After the announcement that the United States would not sign on to the EU Code of Conduct as proposed, several members of Congress sent a letter to the President of the United States addressing the Administration’s plan. The letter extended support for the administration’s decision not to sign on to the EU Code and, at the same time, expressed concern about Secretary of State Hillary Clinton’s announcement that the United States intended to negotiate a similar measure, using the European Code as a starting point. While the letter did not directly challenge the administration’s position that it had exclusive jurisdiction to negotiate or enter into a measure such as the Code of Conduct, it postured that Congress could have say over the implementation via its exclusive jurisdiction under the Commerce Clause. (See “Congressional opposition to a code of conduct for space”, The Space Review, February 6, 2012.)
In May 2012, the separation of powers battle over the Code of Conduct entered a new chapter through a draft version of H.R. 4310. The House took a different approach to prevent implementation of the International Code of Conduct or the EU Code, through its power of the purse, specifically, by prohibiting federal agencies that may be pivotal in implementing a code of conduct from expending funds towards that end. The administration responded by objecting to the language and threatening to veto the bill. It reiterated that since the Code of Conduct is not legally binding, the Administration is not required to seek Congressional input or consent in negotiating it or signing it. The Administration also attempted to apply greater political pressure by stating that the H.R. 4310 encroaches on the President’s exclusive authority to conduct foreign relations and could impede the country’s ability to conduct bilateral outer space activities with important allies.2 (See “Separation of powers battle over a space code of conduct heats up”, The Space Review, May 21, 2012.)
The final version of H.R. 4310, which the President signed on January 3, notably lacks the provision concerning the prohibition against funding; however, Congress replaced it with a more substantial provision specifically addressing the International Code of Conduct. Section 913 covers two distinct scenarios. The first deals with the scenario where the United States becomes a signatory to the International Code of Conduct or a similar agreement. In that case, Section 913 requires that:
The second scenario deals with the negotiation of the International Code of Conduct or a similar agreement. In this case, Section 913 requires that the Secretary of Defense, the Secretary of State, and the Director of National Intelligence jointly provide to the covered congressional committees regular, detailed updates on the negotiation of a non-legally binding international agreement concerning an International Code of Conduct for Outer Space Activities or any similar agreement. This requirement under Section 913 expires whenever the United States signs such an agreement or otherwise ceases negotiations towards that end.

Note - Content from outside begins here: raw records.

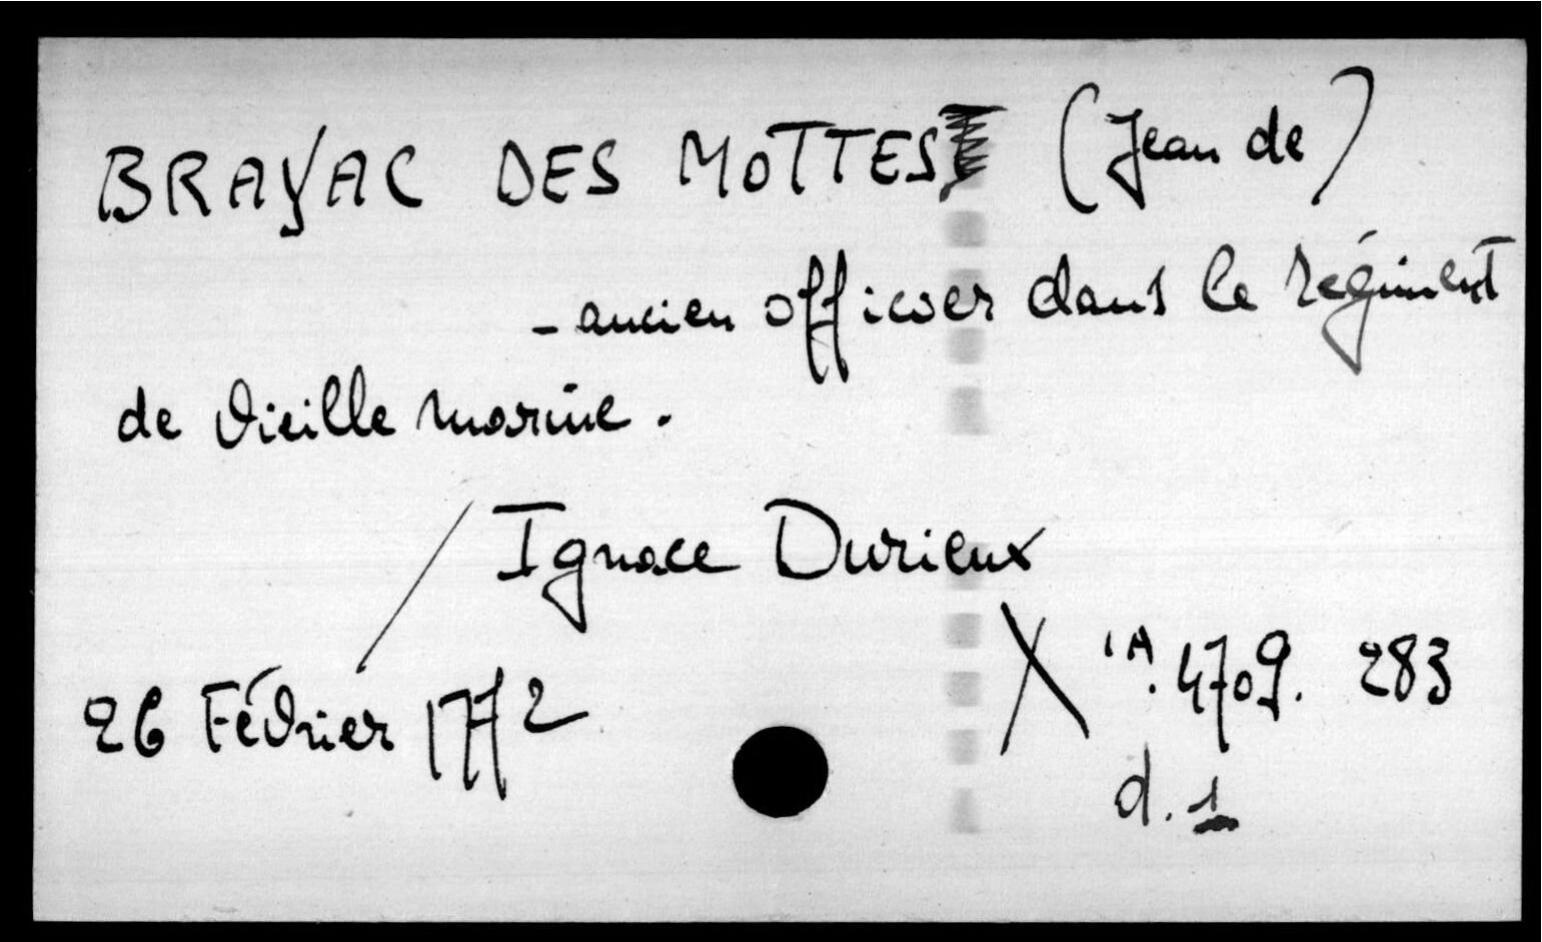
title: BRAYAC DES MOTTES (Jean de) - Ancien officier dans le régiment de Vieille marine
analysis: Contre Ignace Durieux
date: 26 février 1772
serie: X1A
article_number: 4709
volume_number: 283

Now that H.R. 4310 is now law, whether the administration will abide by the stipulations within the law or seek to avoid them, citing its own constitutional power over diplomatic matters, should soon become apparent. |
Overall, the effect of Section 913 is to keep Congress in the loop during negotiations of the International Code of Conduct or any similar transparency and confidence-building measure (TCBM), and to ensure that the implementation of either the Code or Conduct or any future TCBM is done such that they are not legally-binding upon the United States.3 Section 913 appears to also take into consideration the potential arms control nature of TCBMs. TCBMs are traditionally used to pave the way towards legally binding arms control agreements, and Congress is apparently aware of this. It is this position on TCBMs for outer space security that both the Russian Federation and China have articulated as a prerequisite for entering into a TCBM such as the Code of Conduct.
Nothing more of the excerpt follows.